CHALLENGES IN THE SKILL’SCAPE’

CHALLENGES IN THE SKILL’SCAPE’

For the past few years, people have cried themselves hoarse over the demographic dividend India has and the need for massive skill development efforts. Furthermore the lack of skill infrastructure has been time and again highlighted. Though significant contribution is expected from the private sector, the entire skill development initiative is viewed only through the social spectacles and any effort to profit from such efforts considered anathema, at least in circles that matter.

This write-up is our perception of some of the challenges that hinder efforts to provide skill training and thus sustainable careers to the youth of this country. We have also attempted to enunciate some of the solutions.

The root(s) of the problem:  So, what is the problem? Why the need to provide skill development training to millions of people that too within a specified time frame? (Mission Five Hundred Million by 2022 is the target set by Government of India). The Indian academic system has its origins in the British system of Education, which was imposed in India when the British ruled the Nation. The need of the hour was for people who could perform a determined set of functions by rote; clerks, accountants, peons and other such office bearers. Get educated and get a job that would ensure survival and a secure way of living. Technology made several traditional skill trades obsolete and craftsmen and artisans declined. All this is old story but please bear with me some more.  

In short education became a gateway to a job and secure living. Soon the focus shifted to obtaining certification with or without the concomitant learning.  It is sad that education and learning are not viewed as synonyms in our country. With the explosion in technology and business growth around the world and India becoming a key economic player, skilled personnel are in ever increasing demand in Manufacturing, Agriculture and the Services Sectors.

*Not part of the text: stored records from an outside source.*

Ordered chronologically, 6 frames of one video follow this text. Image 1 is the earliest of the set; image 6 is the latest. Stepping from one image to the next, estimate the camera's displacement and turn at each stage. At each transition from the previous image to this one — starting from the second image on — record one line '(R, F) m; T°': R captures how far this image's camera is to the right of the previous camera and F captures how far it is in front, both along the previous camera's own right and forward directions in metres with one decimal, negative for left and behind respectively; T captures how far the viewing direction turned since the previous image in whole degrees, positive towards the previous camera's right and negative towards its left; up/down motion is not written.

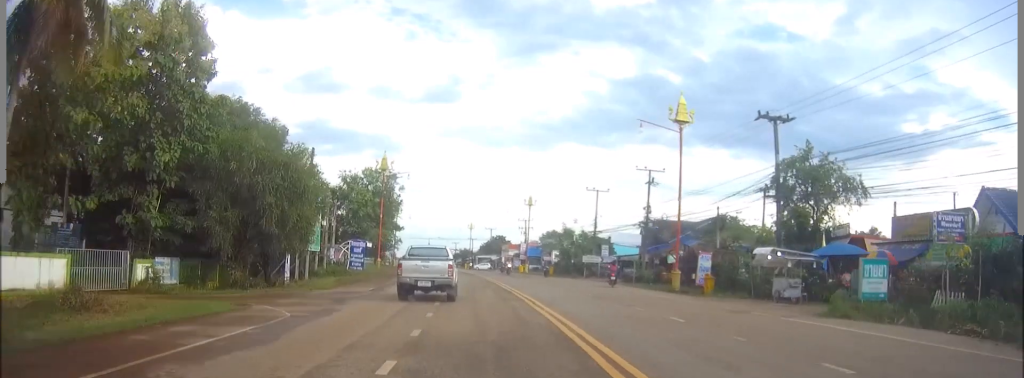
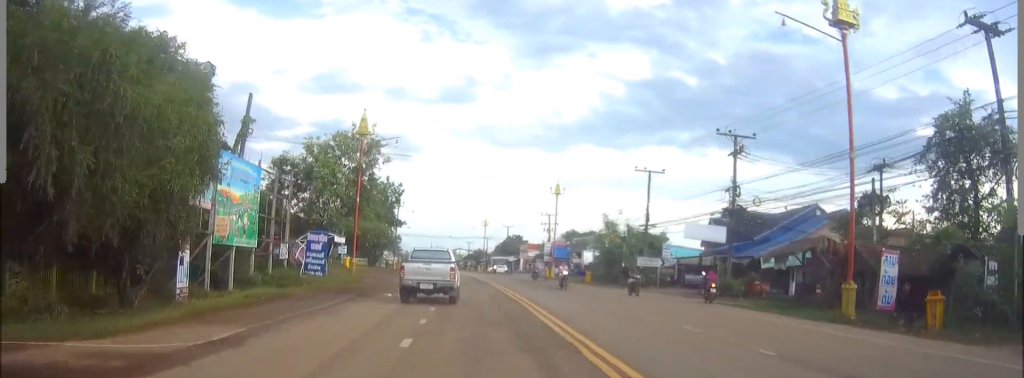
(-0.1, +17.2) m; -1°
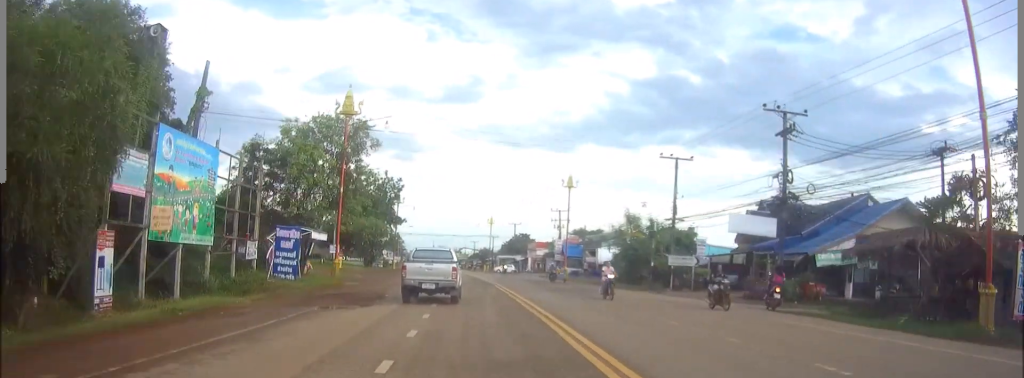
(0.0, +6.9) m; -1°
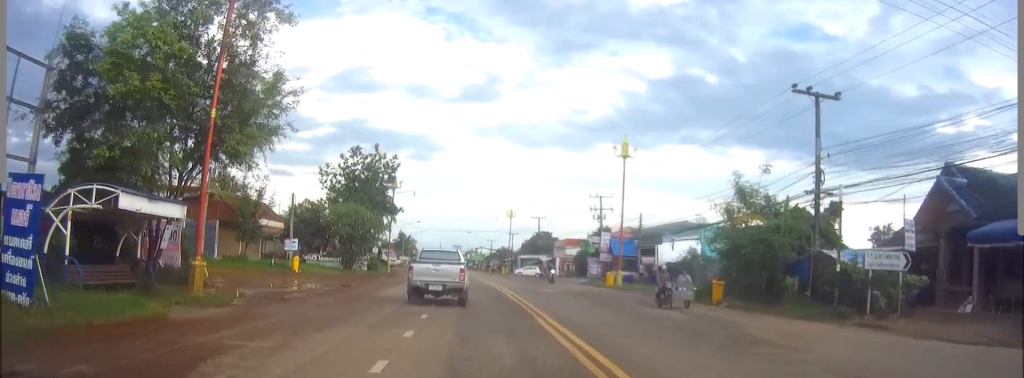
(-0.4, +19.7) m; -3°
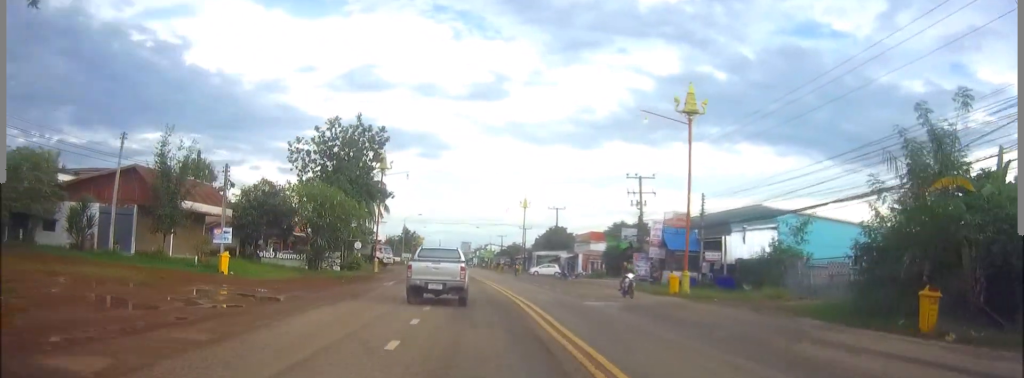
(-0.3, +14.7) m; -1°
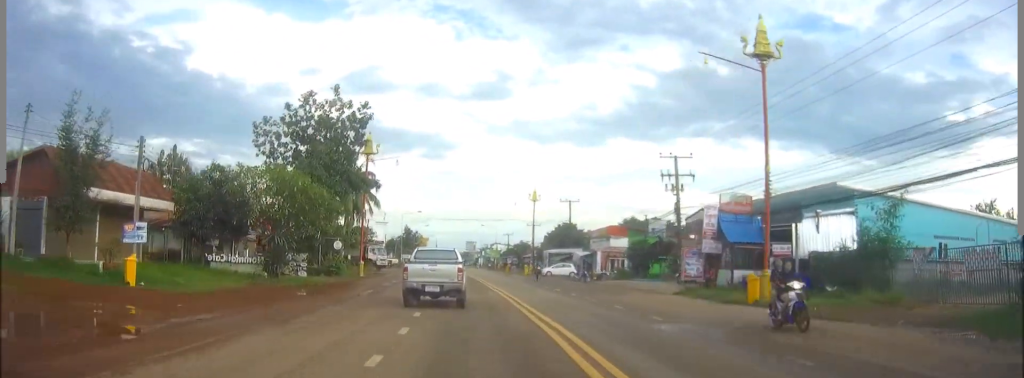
(-0.1, +9.5) m; -1°

The average age of the working class in many parts of the world has crossed forty and fifty, with the next crop of generation yet to reach employable age. India, on the other hand has a majority of its population under the age of thirty-five with up to seventy percent of the population expected to reach the prime employable age by the year 2022.

The conventional academic system is complex and mostly focused on creating students with successful certifications rather than skills. It is nigh on impossible to change this system, swiftly. Hence the need for bridge training programs that would qualify candidates better for jobs they choose. This is the problem and the opportunity in skill development training.